Check Your Super Now: $4.5 Trillion System Under Pressure
Australia's $4.5 trillion super pool is facing a perfect storm — weak returns, Payday Super from July 1, and rising unpaid super. Here's how to check yours in 10 minutes.
Daniel Nguyen
Payroll & Compliance Editor · Registered BAS Agent, Cert IV Bookkeeping
Why this matters right now
Australia's superannuation pool has swelled to around $4.5 trillion — the fourth-largest retirement savings pool in the world. It's one of the single biggest assets most Australians will ever own, and for many it's bigger than the house.
But the system is under pressure in three directions at once, and most workers have no idea whether their own balance is on track.
- Unpaid super is still endemic. The ATO estimates roughly $5 billion in super goes unpaid every year. If your employer is skimming it — deliberately or through a payroll error — you won't know unless you check.
- Payday Super starts 1 July 2026. Employers will have to pay super at the same time as wages, not quarterly. That's a massive shift, and any pre-existing gap in your balance will be much more visible from July.
- Returns have been choppy. After strong years, growth funds have had a patchier 2025-26. A bad fund choice on a large balance costs six figures over a career.
10 minutes now is worth tens of thousands of dollars at retirement. Here's the exact check.
Step 1: Pull your last 12 months of super payments
Log in to myGov and link the ATO if you haven't already. Go to ATO → Super → Fund details. You want to see every contribution your employer has reported for the 2025-26 financial year.

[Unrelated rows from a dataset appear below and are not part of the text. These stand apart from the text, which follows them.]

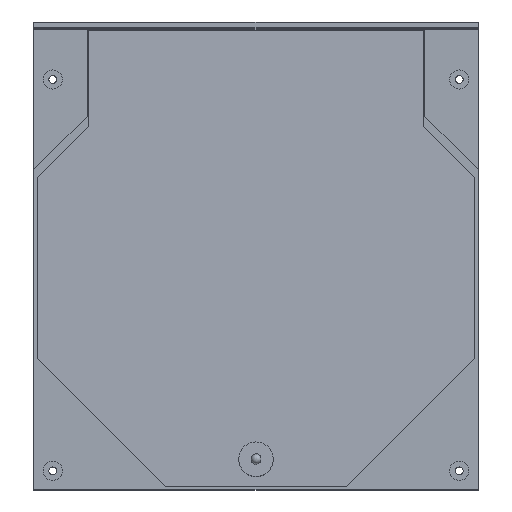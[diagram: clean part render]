
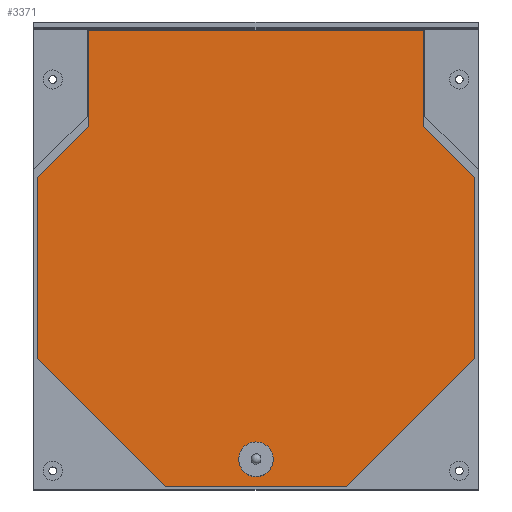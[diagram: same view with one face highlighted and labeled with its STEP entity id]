
A CAD part, top view. The second image highlights one B-rep face of the part: STEP entity #3371.
In plain terms, the highlighted planar face has unit normal (0, 0.018, 1).
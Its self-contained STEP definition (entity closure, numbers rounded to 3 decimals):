
#365=LINE('',#39248,#563);
#368=LINE('',#39254,#566);
#371=LINE('',#39261,#569);
#373=LINE('',#39266,#571);
#376=LINE('',#39271,#574);
#378=LINE('',#39276,#576);
#380=LINE('',#39279,#578);
#381=LINE('',#39281,#579);
#382=LINE('',#39282,#580);
#383=LINE('',#39283,#581);
#563=VECTOR('',#4154,236.102);
#566=VECTOR('',#4159,124.949);
#569=VECTOR('',#4166,94.752);
#571=VECTOR('',#4170,94.752);
#574=VECTOR('',#4175,124.949);
#576=VECTOR('',#4179,236.102);
#578=VECTOR('',#4183,236.102);
#579=VECTOR('',#4186,236.102);
#580=VECTOR('',#4187,436.);
#581=VECTOR('',#4188,236.102);
#768=PLANE('',#3626);
#940=FACE_BOUND('',#1340,.T.);
#1060=FACE_OUTER_BOUND('',#1339,.T.);
#1339=EDGE_LOOP('',(#2696,#2697,#2698,#2699,#2700,#2701,#2702,#2703,#2704,
#2705));
#1340=EDGE_LOOP('',(#2706));
#1551=CIRCLE('',#3608,5.);
#1736=VERTEX_POINT('',#39218);
#1744=VERTEX_POINT('',#39245);
#1745=VERTEX_POINT('',#39247);
#1746=VERTEX_POINT('',#39251);
#1747=VERTEX_POINT('',#39253);
#1749=VERTEX_POINT('',#39259);
#1750=VERTEX_POINT('',#39263);
#1751=VERTEX_POINT('',#39265);
#1752=VERTEX_POINT('',#39269);
#1753=VERTEX_POINT('',#39273);
#1754=VERTEX_POINT('',#39275);
#2079=EDGE_CURVE('',#1736,#1736,#1551,.T.);
#2092=EDGE_CURVE('',#1745,#1744,#365,.T.);
#2095=EDGE_CURVE('',#1747,#1746,#368,.T.);
#2099=EDGE_CURVE('',#1746,#1749,#371,.T.);
#2101=EDGE_CURVE('',#1751,#1750,#373,.T.);
#2104=EDGE_CURVE('',#1750,#1752,#376,.T.);
#2106=EDGE_CURVE('',#1754,#1753,#378,.T.);
#2108=EDGE_CURVE('',#1751,#1753,#380,.T.);
#2109=EDGE_CURVE('',#1754,#1744,#381,.T.);
#2110=EDGE_CURVE('',#1747,#1752,#382,.T.);
#2111=EDGE_CURVE('',#1745,#1749,#383,.T.);
#2696=ORIENTED_EDGE('',*,*,#2092,.T.);
#2697=ORIENTED_EDGE('',*,*,#2109,.F.);
#2698=ORIENTED_EDGE('',*,*,#2106,.T.);
#2699=ORIENTED_EDGE('',*,*,#2108,.F.);
#2700=ORIENTED_EDGE('',*,*,#2101,.T.);
#2701=ORIENTED_EDGE('',*,*,#2104,.T.);
#2702=ORIENTED_EDGE('',*,*,#2110,.F.);
#2703=ORIENTED_EDGE('',*,*,#2095,.T.);
#2704=ORIENTED_EDGE('',*,*,#2099,.T.);
#2705=ORIENTED_EDGE('',*,*,#2111,.F.);
#2706=ORIENTED_EDGE('',*,*,#2079,.T.);
#3371=ADVANCED_FACE('',(#1060,#940),#768,.T.);
#3608=AXIS2_PLACEMENT_3D('',#39219,#4123,#4124);
#3626=AXIS2_PLACEMENT_3D('',#39280,#4184,#4185);
#4123=DIRECTION('center_axis',(0.,-0.017,-1.));
#4124=DIRECTION('ref_axis',(1.,0.,0.));
#4154=DIRECTION('',(0.707,-0.707,0.012));
#4159=DIRECTION('',(0.,-1.,0.017));
#4166=DIRECTION('',(-0.707,-0.707,0.012));
#4170=DIRECTION('',(-0.707,0.707,-0.012));
#4175=DIRECTION('',(0.,1.,-0.017));
#4179=DIRECTION('',(0.707,0.707,-0.012));
#4183=DIRECTION('',(0.,-1.,0.017));
#4184=DIRECTION('center_axis',(0.,0.017,1.));
#4185=DIRECTION('ref_axis',(0.,-1.,0.017));
#4186=DIRECTION('',(-1.,0.,0.));
#4187=DIRECTION('',(1.,0.,0.));
#4188=DIRECTION('',(0.,1.,-0.017));
#39218=CARTESIAN_POINT('',(5.,-250.654,64.317));
#39219=CARTESIAN_POINT('Origin',(0.,-250.654,64.317));
#39245=CARTESIAN_POINT('',(-118.051,-285.649,64.927));
#39247=CARTESIAN_POINT('',(-285.,-118.725,62.014));
#39248=CARTESIAN_POINT('',(-237.288,-166.43,62.846));
#39251=CARTESIAN_POINT('',(-218.,184.33,56.724));
#39253=CARTESIAN_POINT('',(-218.,309.26,54.543));
#39254=CARTESIAN_POINT('',(-218.,246.795,55.634));
#39259=CARTESIAN_POINT('',(-285.,117.34,57.893));
#39261=CARTESIAN_POINT('',(-165.763,236.559,55.812));
#39263=CARTESIAN_POINT('',(218.,184.33,56.724));
#39265=CARTESIAN_POINT('',(285.,117.34,57.893));
#39266=CARTESIAN_POINT('',(82.288,320.021,54.355));
#39269=CARTESIAN_POINT('',(218.,309.26,54.543));
#39271=CARTESIAN_POINT('',(218.,309.26,54.543));
#39273=CARTESIAN_POINT('',(285.,-118.725,62.014));
#39275=CARTESIAN_POINT('',(118.051,-285.649,64.927));
#39276=CARTESIAN_POINT('',(320.763,-82.968,61.39));
#39279=CARTESIAN_POINT('',(285.,-285.649,64.927));
#39280=CARTESIAN_POINT('Origin',(0.,309.26,54.543));
#39281=CARTESIAN_POINT('',(0.,-285.649,64.927));
#39282=CARTESIAN_POINT('',(0.,309.26,54.543));
#39283=CARTESIAN_POINT('',(-285.,-285.649,64.927));

Cross-check against your payslips. The super guarantee rate is 12% for 2025-26 — it has been 12% since 1 July 2025 and is locked at that level going forward.

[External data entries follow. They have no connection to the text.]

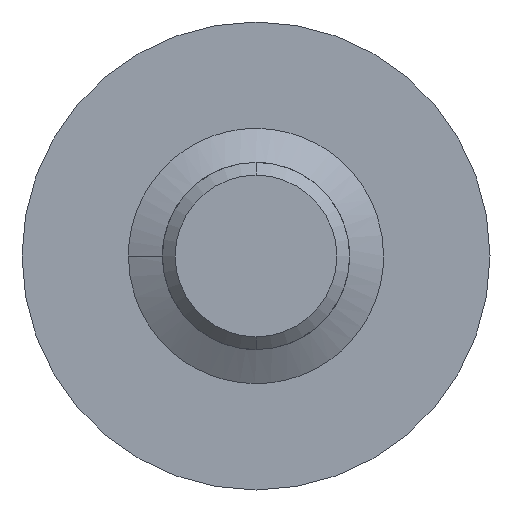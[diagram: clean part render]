
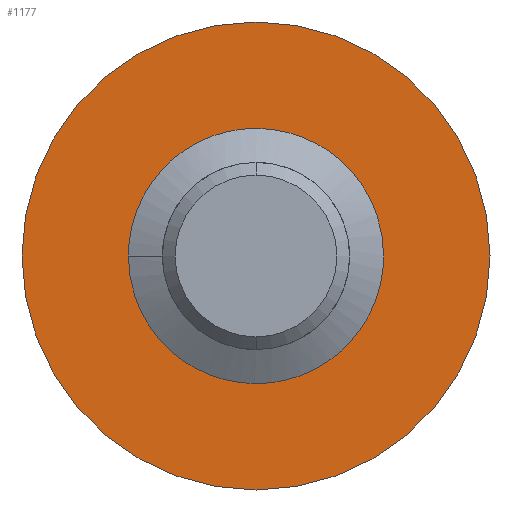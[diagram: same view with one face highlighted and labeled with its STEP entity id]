
A CAD part, front view. The second image highlights one B-rep face of the part: STEP entity #1177.
In plain terms, the highlighted planar face has unit normal (0, -1, 0).
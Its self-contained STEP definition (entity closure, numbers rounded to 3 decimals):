
#128 = CIRCLE ( 'NONE', #839, 1.1 ) ;
#154 = ORIENTED_EDGE ( 'NONE', *, *, #4352, .F. ) ;
#242 = DIRECTION ( 'NONE',  ( 0., 0., -1. ) ) ;
#513 = CARTESIAN_POINT ( 'NONE',  ( 0., 0., 0. ) ) ;
#824 = ORIENTED_EDGE ( 'NONE', *, *, #3289, .F. ) ;
#826 = CIRCLE ( 'NONE', #903, 1.1 ) ;
#839 = AXIS2_PLACEMENT_3D ( 'NONE', #2234, #1507, #1151 ) ;
#903 = AXIS2_PLACEMENT_3D ( 'NONE', #3699, #4753, #1444 ) ;
#1012 = FACE_OUTER_BOUND ( 'NONE', #4383, .T. ) ;
#1059 = PLANE ( 'NONE',  #3306 ) ;
#1108 = EDGE_CURVE ( 'NONE', #2895, #4366, #4469, .T. ) ;
#1141 = VERTEX_POINT ( 'NONE', #3553 ) ;
#1151 = DIRECTION ( 'NONE',  ( 0., 0., -1. ) ) ;
#1177 = ADVANCED_FACE ( 'NONE', ( #2458, #1012 ), #1059, .T. ) ;
#1418 = DIRECTION ( 'NONE',  ( 0., 0., 1. ) ) ;
#1444 = DIRECTION ( 'NONE',  ( 0., 0., -1. ) ) ;
#1507 = DIRECTION ( 'NONE',  ( 0., -1., 0. ) ) ;
#1603 = CIRCLE ( 'NONE', #3775, 1.1 ) ;
#1744 = EDGE_CURVE ( 'NONE', #3029, #4717, #128, .T. ) ;
#1838 = AXIS2_PLACEMENT_3D ( 'NONE', #2101, #2815, #1418 ) ;
#1851 = DIRECTION ( 'NONE',  ( 0., 0., 1. ) ) ;
#2021 = DIRECTION ( 'NONE',  ( 0., 0., -1. ) ) ;
#2101 = CARTESIAN_POINT ( 'NONE',  ( 0., 0., 0. ) ) ;
#2234 = CARTESIAN_POINT ( 'NONE',  ( 0., 0., 0. ) ) ;
#2249 = ORIENTED_EDGE ( 'NONE', *, *, #1744, .F. ) ;
#2458 = FACE_BOUND ( 'NONE', #3456, .T. ) ;
#2645 = CARTESIAN_POINT ( 'NONE',  ( 0., 0., 2.75 ) ) ;
#2665 = DIRECTION ( 'NONE',  ( 0., -1., 0. ) ) ;
#2691 = EDGE_CURVE ( 'NONE', #4717, #1141, #826, .T. ) ;
#2815 = DIRECTION ( 'NONE',  ( 0., 1., 0. ) ) ;
#2895 = VERTEX_POINT ( 'NONE', #2645 ) ;
#2896 = ORIENTED_EDGE ( 'NONE', *, *, #2691, .F. ) ;
#3029 = VERTEX_POINT ( 'NONE', #4315 ) ;
#3038 = CARTESIAN_POINT ( 'NONE',  ( 0., 0., -2.75 ) ) ;
#3143 = CIRCLE ( 'NONE', #3917, 2.75 ) ;
#3289 = EDGE_CURVE ( 'NONE', #4366, #2895, #3143, .T. ) ;
#3306 = AXIS2_PLACEMENT_3D ( 'NONE', #3960, #3982, #242 ) ;
#3338 = ORIENTED_EDGE ( 'NONE', *, *, #1108, .F. ) ;
#3407 = CARTESIAN_POINT ( 'NONE',  ( 0., 0., -1.1 ) ) ;
#3456 = EDGE_LOOP ( 'NONE', ( #2249, #154, #2896 ) ) ;
#3553 = CARTESIAN_POINT ( 'NONE',  ( 0., 0., 1.1 ) ) ;
#3699 = CARTESIAN_POINT ( 'NONE',  ( 0., 0., 0. ) ) ;
#3715 = CARTESIAN_POINT ( 'NONE',  ( 0., 0., 0. ) ) ;
#3775 = AXIS2_PLACEMENT_3D ( 'NONE', #513, #2665, #2021 ) ;
#3917 = AXIS2_PLACEMENT_3D ( 'NONE', #3715, #4749, #1851 ) ;
#3960 = CARTESIAN_POINT ( 'NONE',  ( 2.75, 0., 0. ) ) ;
#3982 = DIRECTION ( 'NONE',  ( 0., -1., 0. ) ) ;
#4315 = CARTESIAN_POINT ( 'NONE',  ( -1.1, 0., 0. ) ) ;
#4352 = EDGE_CURVE ( 'NONE', #1141, #3029, #1603, .T. ) ;
#4366 = VERTEX_POINT ( 'NONE', #3038 ) ;
#4383 = EDGE_LOOP ( 'NONE', ( #3338, #824 ) ) ;
#4469 = CIRCLE ( 'NONE', #1838, 2.75 ) ;
#4717 = VERTEX_POINT ( 'NONE', #3407 ) ;
#4749 = DIRECTION ( 'NONE',  ( 0., 1., 0. ) ) ;
#4753 = DIRECTION ( 'NONE',  ( 0., -1., 0. ) ) ;

The formula is simple: for each pay period, super owed = ordinary time earnings × 12%. Ordinary time earnings generally includes base pay, commissions, shift loadings and paid leave, but not overtime.
Use our Super Calculator to run the check quickly. If the ATO records show less than 12% of your ordinary earnings, or if there are months missing, you have an unpaid super problem.

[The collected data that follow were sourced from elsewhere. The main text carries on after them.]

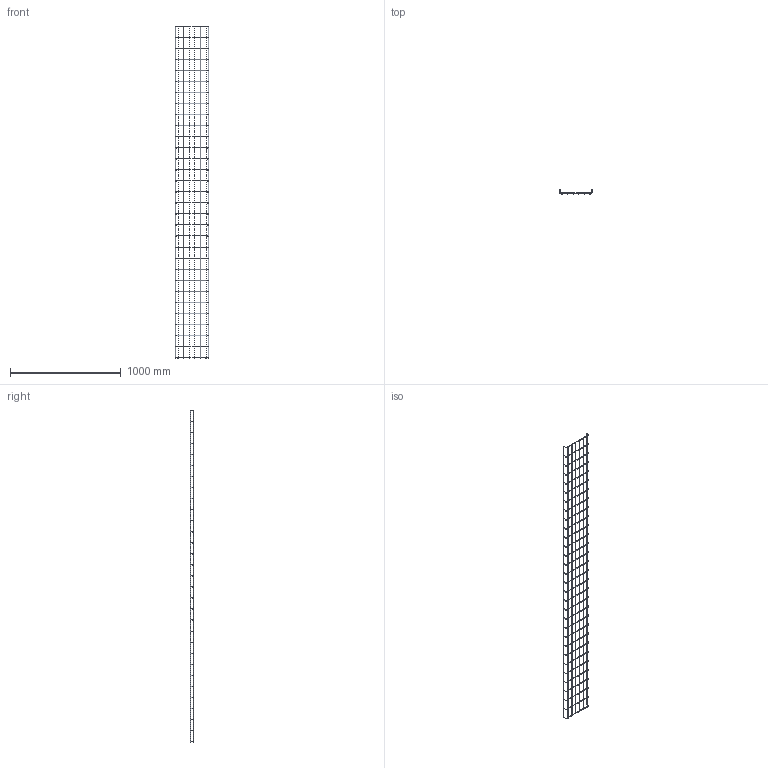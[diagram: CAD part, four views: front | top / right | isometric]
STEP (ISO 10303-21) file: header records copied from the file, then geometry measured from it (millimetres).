
FILE_DESCRIPTION (( 'STEP AP203' ), '1' );
FILE_NAME ('CLWG10-035-300-3 Ëîòîê ïðîâîëî÷íûé 35õ300 ÃÖ.STEP', '2016-02-17T14:03:17', ( '' ), ( '' ), 'SwSTEP 2.0', 'SolidWorks 2014', '' );
FILE_SCHEMA (( 'CONFIG_CONTROL_DESIGN' ));
Length unit declared in the file: millimetre
Products named in the file (1): CLWG10-035-300-3 Ëîòîê ïðîâîëî÷íûé 35õ300 ÃÖ
Bounding box: 299.84 x 34.98 x 3004 mm (x, y, z)
Volume: 434247 mm3; surface area: 434623.8 mm2
Topology: 1 solids, 1 shells, 241 faces, 738 edges, 513 vertices
Faces by surface type: cylinder 101, plane 78, torus 62
Full cylindrical faces by diameter (mm): 4 x101
Entity records: 12295 total; most frequent: CARTESIAN_POINT 6350, ORIENTED_EDGE 900, EDGE_LOOP 900, DIRECTION 888, FACE_BOUND 496, VERTEX_POINT 450, EDGE_CURVE 450, AXIS2_PLACEMENT_3D 444

Step 2: Check your fund's performance against the benchmark
APRA publishes an annual MySuper performance test. Funds that fail two years in a row can't accept new members — but plenty of funds sit just above the pass mark and still drag your balance.
Log in to your fund. Find the 5-year and 10-year net returns for your investment option (not the 1-year number — that's noise). Compare to the median for your option on the APRA or ASFA dashboards.
If your option is below median over 10 years, and the fee is above 1% per year, you're almost certainly leaking money. A 1% fee difference on a $200,000 balance costs around $80,000 over 20 years once compounding is factored in.
Step 3: Consolidate lost super
There is currently around $17 billion in lost and unclaimed super sitting with the ATO. If you've had more than one job, odds are decent some of it is yours.
In myGov, under ATO → Super → Manage → Transfer super, you can see all accounts in your name and consolidate them in a few clicks. Before consolidating, check whether rolling out an account will cost you insurance cover you actually need — but outside that, multiple accounts just burn fees.
Step 4: Know your Payday Super rights from 1 July
From 1 July 2026, employers must pay super at the same time as wages. Miss a payment and the Superannuation Guarantee Charge (SGC) applies, which is not tax-deductible and includes interest and admin fees.
For workers, this means:
- You should see super contributions hitting your fund within 7 business days of each pay cycle from July.
- If contributions stop landing, raise it with your employer in writing immediately — and if nothing happens, report it to the ATO.
- Small errors that used to be swept up at quarter-end will now be visible within a week.
Use our Super Calculator to estimate what your next super payment should be, and our Take-Home Pay Calculator to cross-check your payslip.
Step 5: Decide whether to add more
For anyone with room in the $30,000 concessional cap (employer + salary sacrifice + personal deductible contributions), salary sacrificing extra super is still one of the cleanest tax plays available — contributions are taxed at 15% inside super versus your marginal rate.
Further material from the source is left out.